_ABOUT THIS TASK_
Among the entries that follow, find the lines containing the string "like" and copy them.

_EXCERPTED RECORDS_
· · · ·

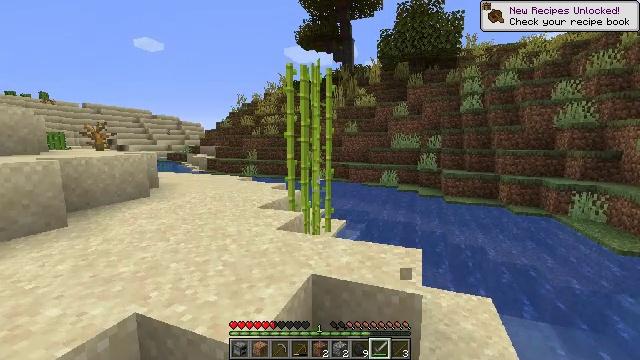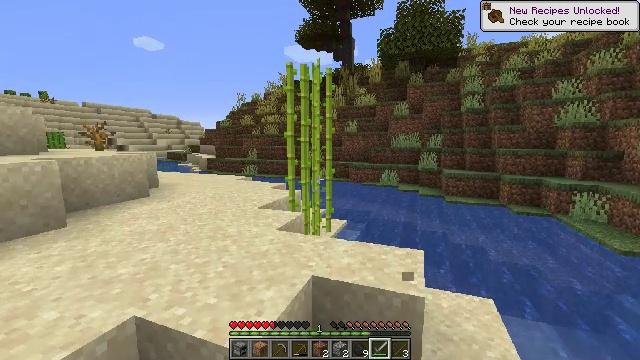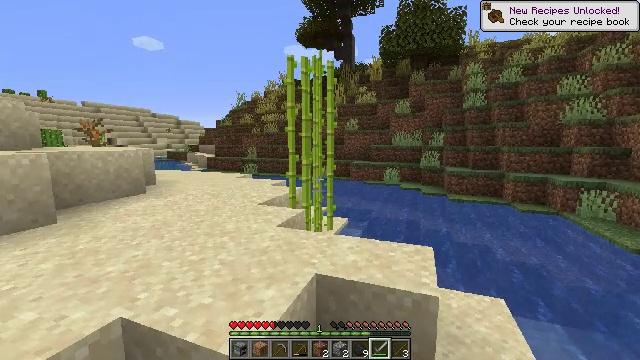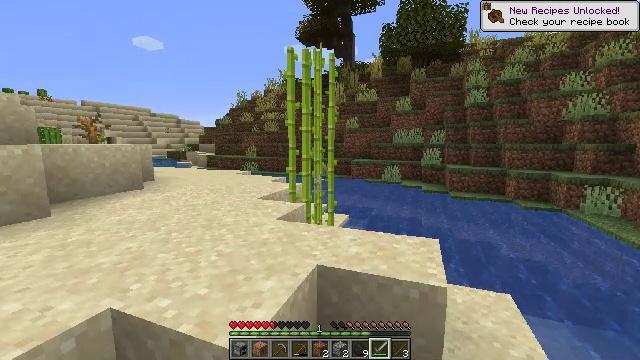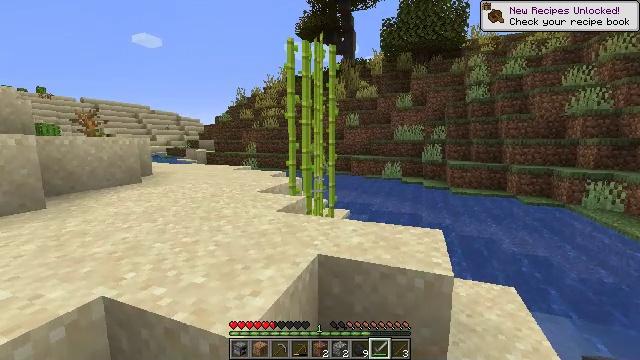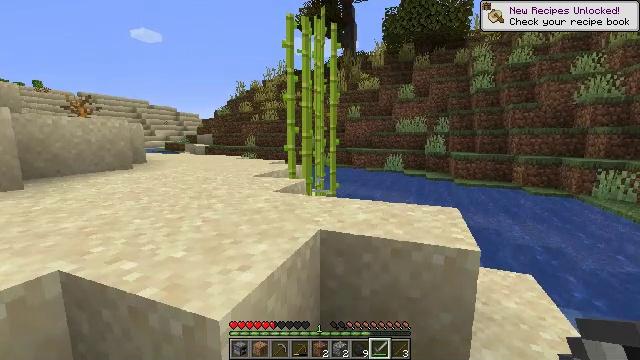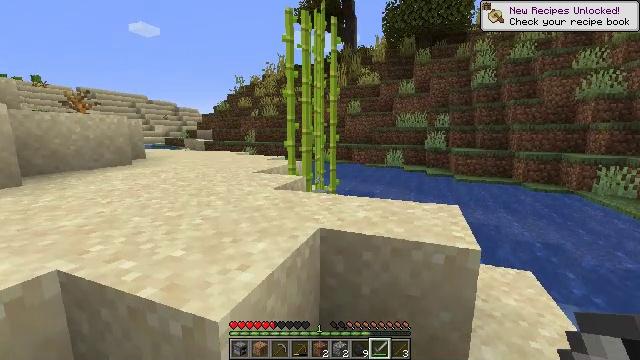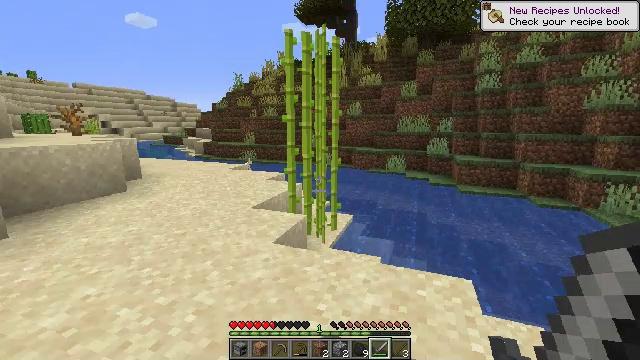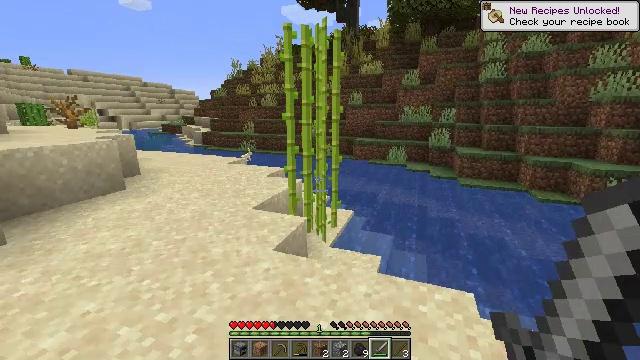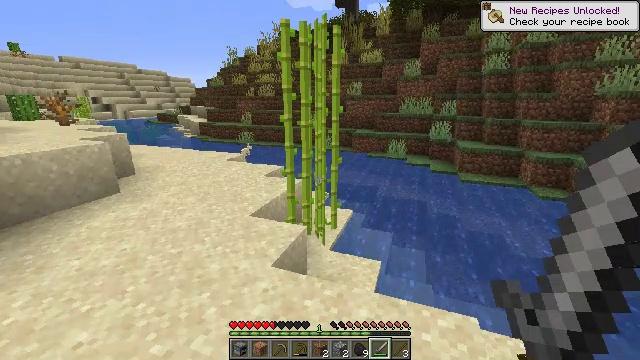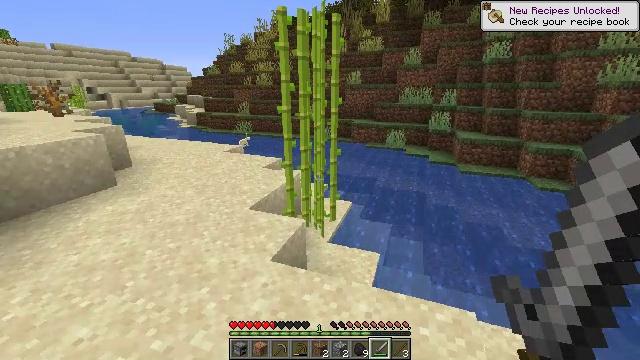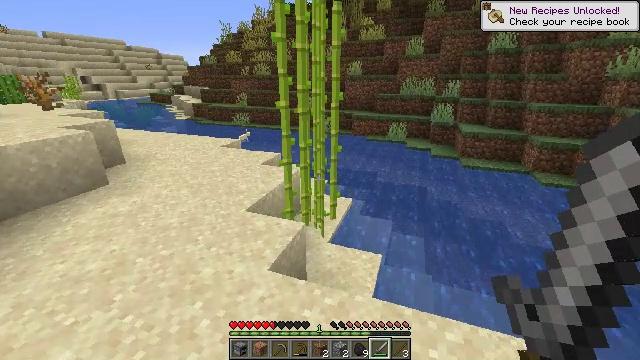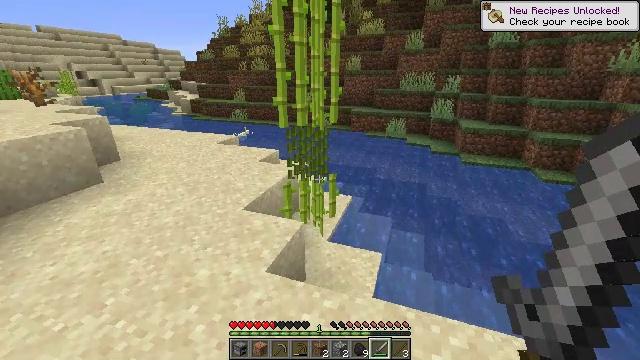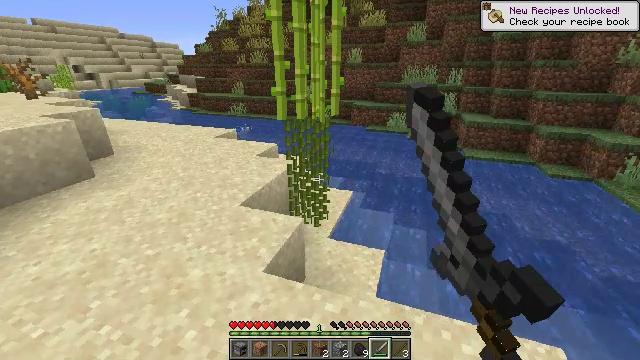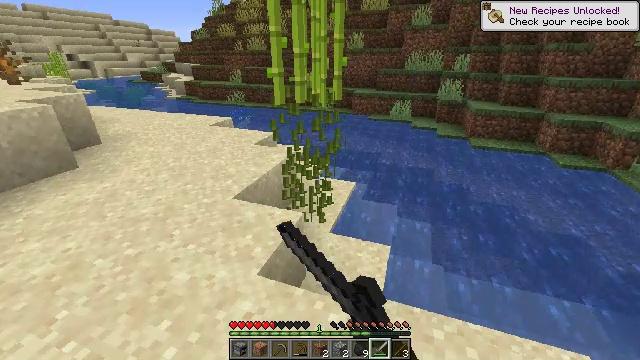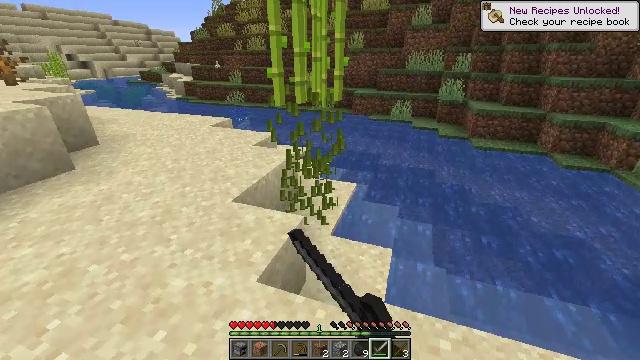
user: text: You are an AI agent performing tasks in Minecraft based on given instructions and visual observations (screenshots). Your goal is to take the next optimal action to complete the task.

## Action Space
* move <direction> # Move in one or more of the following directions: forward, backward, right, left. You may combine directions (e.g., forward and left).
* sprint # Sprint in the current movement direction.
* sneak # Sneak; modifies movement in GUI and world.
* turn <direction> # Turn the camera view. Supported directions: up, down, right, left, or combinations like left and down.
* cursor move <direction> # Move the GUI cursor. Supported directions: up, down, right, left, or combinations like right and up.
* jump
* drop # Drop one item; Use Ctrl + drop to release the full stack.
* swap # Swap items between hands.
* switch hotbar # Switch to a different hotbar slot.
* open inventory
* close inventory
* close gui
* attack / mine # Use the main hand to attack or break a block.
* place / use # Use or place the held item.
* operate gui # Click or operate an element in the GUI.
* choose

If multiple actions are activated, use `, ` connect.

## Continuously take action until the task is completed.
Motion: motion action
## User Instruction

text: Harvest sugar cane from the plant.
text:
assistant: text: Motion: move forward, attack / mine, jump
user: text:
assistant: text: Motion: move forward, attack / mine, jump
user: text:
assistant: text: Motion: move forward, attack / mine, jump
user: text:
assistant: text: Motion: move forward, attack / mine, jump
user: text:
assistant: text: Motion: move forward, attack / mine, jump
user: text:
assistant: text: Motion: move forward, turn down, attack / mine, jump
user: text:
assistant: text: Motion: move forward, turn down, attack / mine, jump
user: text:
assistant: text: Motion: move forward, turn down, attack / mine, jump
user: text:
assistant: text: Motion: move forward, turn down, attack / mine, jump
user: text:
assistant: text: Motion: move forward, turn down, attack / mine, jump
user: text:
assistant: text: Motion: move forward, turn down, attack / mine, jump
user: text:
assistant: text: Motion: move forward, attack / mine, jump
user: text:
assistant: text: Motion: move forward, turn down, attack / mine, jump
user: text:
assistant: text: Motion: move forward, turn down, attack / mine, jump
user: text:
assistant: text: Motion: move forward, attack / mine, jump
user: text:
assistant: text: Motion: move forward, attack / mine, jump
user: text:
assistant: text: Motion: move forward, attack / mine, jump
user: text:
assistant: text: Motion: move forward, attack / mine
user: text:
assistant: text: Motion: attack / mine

· · · ·

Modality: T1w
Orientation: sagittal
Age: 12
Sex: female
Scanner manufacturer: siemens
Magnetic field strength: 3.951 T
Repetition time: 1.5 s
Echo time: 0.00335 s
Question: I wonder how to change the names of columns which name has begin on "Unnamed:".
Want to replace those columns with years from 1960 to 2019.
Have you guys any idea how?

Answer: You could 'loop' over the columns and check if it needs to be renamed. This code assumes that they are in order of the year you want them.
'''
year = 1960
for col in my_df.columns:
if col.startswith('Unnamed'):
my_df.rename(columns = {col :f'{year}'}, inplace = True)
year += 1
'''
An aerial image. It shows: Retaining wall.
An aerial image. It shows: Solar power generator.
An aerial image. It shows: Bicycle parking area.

· · · ·

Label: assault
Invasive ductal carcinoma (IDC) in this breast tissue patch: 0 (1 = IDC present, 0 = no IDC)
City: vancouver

· · · ·

_RESULT BELOW_
* turn <direction> # Turn the camera view. Supported directions: up, down, right, left, or combinations like left and down.
* cursor move <direction> # Move the GUI cursor. Supported directions: up, down, right, left, or combinations like right and up.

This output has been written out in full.